由於一週前FIB的三日聯票就已經賣光了,我決定到現場在買單日票,很不幸地主辦單位只接受現金購票而會場僅有一台提款機,人龍之長光是接近那台提款機就花了我一個多小時,好在及時趕上the stokes的演出。 或許是因為今年沒有Glastonbury festival,大批英國佬轉戰FIB,周圍的大合唱充滿了英國腔以及大麻味。


變態樂團經紀人
搜尋可以跳舞的音樂,有個類似Talking Head風格的電子人還不錯,台前人群稀落正好讓我可以肆無忌憚,天快亮時一個自稱Babyshambles經紀人,名為Brian的人向我攀談,他試著用他的ID帶我進入VIP Zone結果行不通,本來想體驗酒池肉林後台人生的我頓時清醒許多,堅持睡在沙灘想讓他打退堂鼓離去,怎知他自願陪我走到海邊。(題外話,當初一直以為FIB舞台就在沙灘上,其實離海邊還有15分鐘的步行距離,是誰給我這種錯覺的,可惡!!)
沙灘遮蔭處躺滿一具具徹夜狂歡的頹疲軀體,我躺下來後發現自己無法忍受身旁這位帶著酒意的陌生人的過分親近,當他褪去全身衣物睡著時我收拾包袱離開。
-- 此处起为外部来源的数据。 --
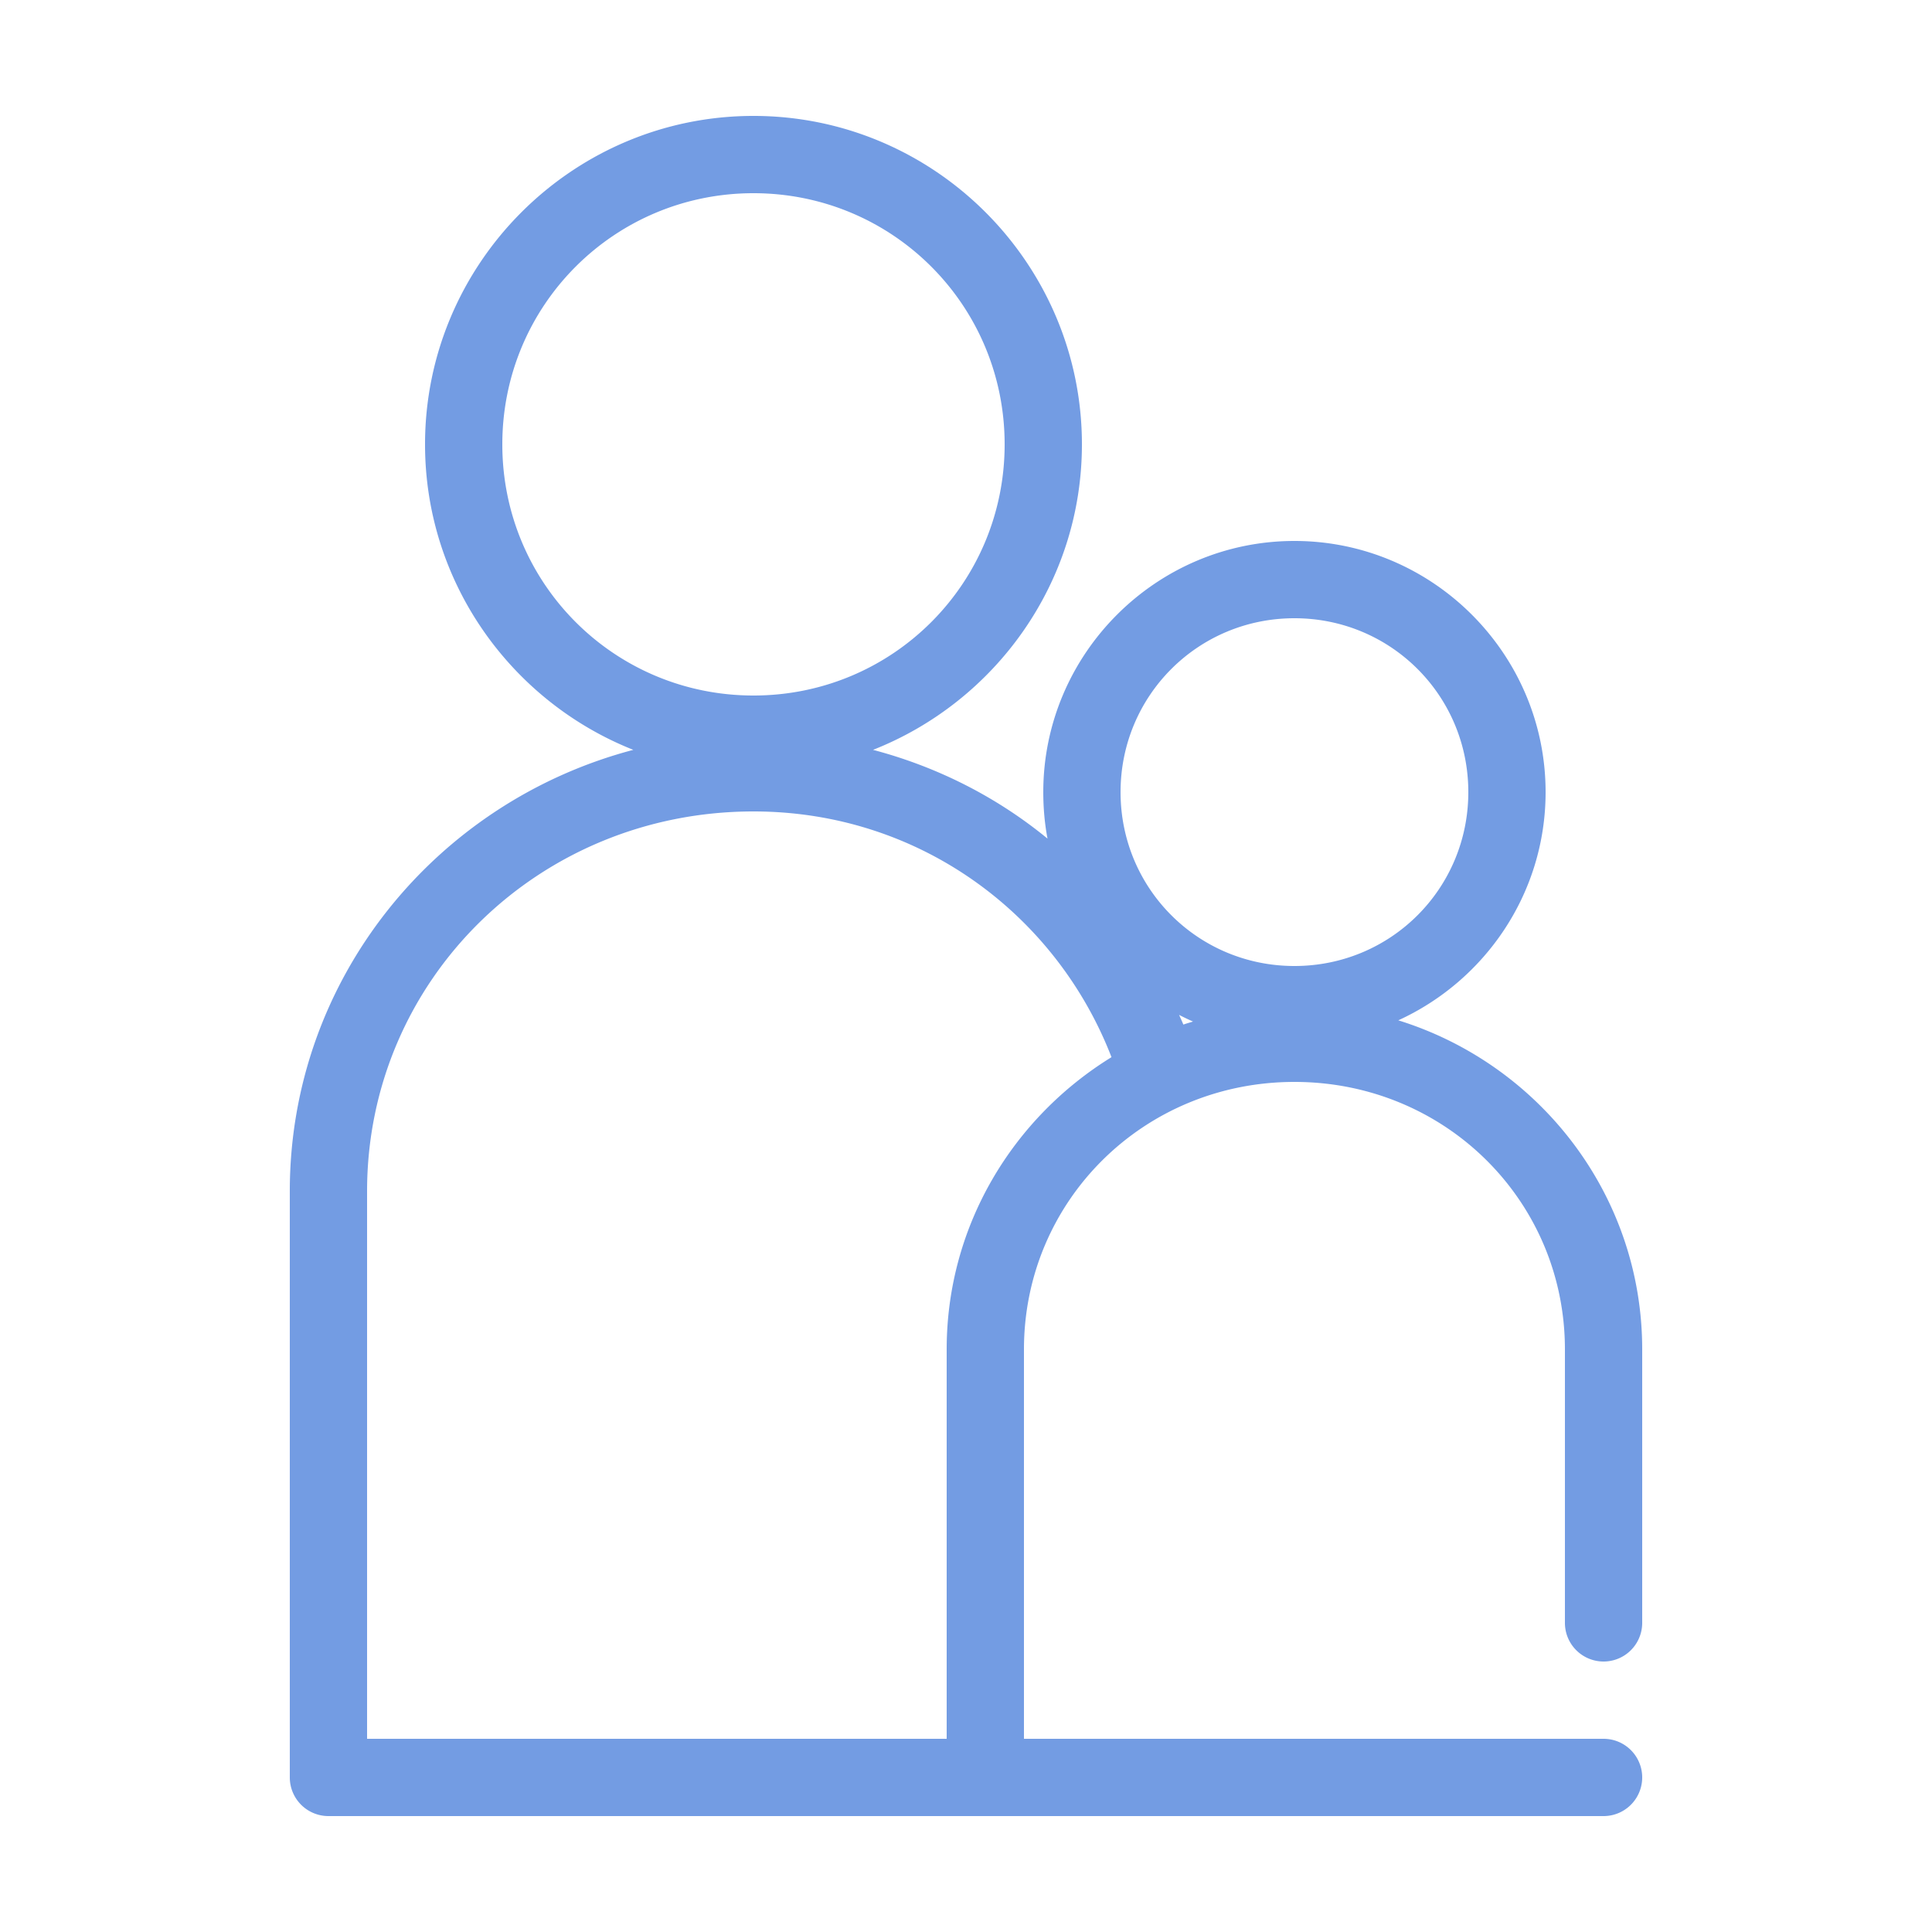 <?xml version="1.0" encoding="UTF-8"?> <svg xmlns:dc="http://purl.org/dc/elements/1.1/" xmlns:cc="http://creativecommons.org/ns#" xmlns:rdf="http://www.w3.org/1999/02/22-rdf-syntax-ns#" xmlns:svg="http://www.w3.org/2000/svg" xmlns="http://www.w3.org/2000/svg" xmlns:sodipodi="http://sodipodi.sourceforge.net/DTD/sodipodi-0.dtd" xmlns:inkscape="http://www.inkscape.org/namespaces/inkscape" height="100px" width="100px" fill="#739ce3" version="1.1" x="0px" y="0px" viewBox="0 0 100 100"><path style="font-size:medium;font-style:normal;font-variant:normal;font-weight:normal;font-stretch:normal;text-indent:0;text-align:start;text-decoration:none;line-height:normal;letter-spacing:normal;word-spacing:normal;text-transform:none;direction:ltr;block-progression:tb;writing-mode:lr-tb;text-anchor:start;baseline-shift:baseline;opacity:1;color:#000000;fill:#739ce3;fill-opacity:1;stroke:none;stroke-width:4;marker:none;visibility:visible;display:inline;overflow:visible;enable-background:accumulate;font-family:Sans;-inkscape-font-specification:Sans" d="M 39 6 C 29.635 6 22 13.635 22 23 C 22 30.169 26.48 36.317 32.781 38.812 C 22.546 41.508 15 50.689 15 61.656 L 15 92 A 2 2 0 0 0 17 94 L 83 94 A 2 2 0 1 0 83 90 L 53 90 L 53 69.844 C 53 62.157 59.198 56 67 56 C 74.802 56 81 62.157 81 69.844 L 81 84 A 2 2 0 1 0 85 84 L 85 69.844 C 85 61.846 79.683 55.08 72.375 52.812 C 76.866 50.759 80 46.241 80 41 C 80 33.844 74.156 28 67 28 C 59.844 28 54 33.844 54 41 C 54 41.82 54.072 42.627 54.219 43.406 C 51.617 41.272 48.552 39.7 45.188 38.812 C 51.503 36.324 56 30.179 56 23 C 56 13.635 48.365 6 39 6 z M 39 10 C 46.203 10 52 15.797 52 23 C 52 30.203 46.203 36 39 36 C 31.797 36 26 30.203 26 23 C 26 15.797 31.797 10 39 10 z M 67 32 C 71.994 32 76 36.006 76 41 C 76 45.994 71.994 50 67 50 C 62.006 50 58 45.994 58 41 C 58 36.006 62.006 32 67 32 z M 39 42 C 47.589 42 54.672 47.331 57.531 54.719 C 52.428 57.865 49 63.445 49 69.844 L 49 90 L 19 90 L 19 61.656 C 19 50.743 27.868 42 39 42 z M 61.031 52.531 C 61.27 52.656 61.503 52.765 61.75 52.875 C 61.583 52.927 61.416 52.975 61.25 53.031 C 61.183 52.862 61.102 52.698 61.031 52.531 z "></path></svg>

然後我就後悔了....我怎麼會忘記拍他裸照然後恐嚇威脅他呢?

原來我是物質女孩
在沙灘附近的人行道找到一座長椅然後像流浪漢一樣倒頭就睡了,醒來後在酷暑中橫越連綿的沙灘,很窩囊地到快餐店點了沙拉和薯條,接著發現我的iPod不.見.了,所謂"難以置信",有幾個小時我極力否認iPod的遺失,但是到了晚上我打電話給Daniel時已無法鎮定:how can I continue the festival or the rest of travel without music?! 要不是Daniel也出城了,我肯定連夜奔回瓦倫西亞。

山丘上的搖滾區
我萬念俱灰,再也不想踏進會場,在場外一個山丘繼續未完的音樂夢,遠處的Franz Ferdinand還挺真實的,隔天又在這裡體驗了Placebo、Madness、Depeche Mode、Deus,並且阿Q的想說起碼不用到會場當沙丁魚,而且照樣有人請喝啤酒。

哈囉,亞洲女孩
白色的沙灘、湛藍的海水、風帆、日光浴、上空女郎和擁吻的情侶,一切都非常的歐洲,唯獨我穿著六O年代風格的連身泳衣,學其他人在沙灘上待一整天。(奇怪,明明我就來自日光充足的亞熱帶,幹麻也跟人家一起煎魚)。
回程想坐霸王車,結果在月台上看到巡守的鐵路警察,改搭接駁巴士,有人要求合影留念,我是稀有的亞洲黃種女性。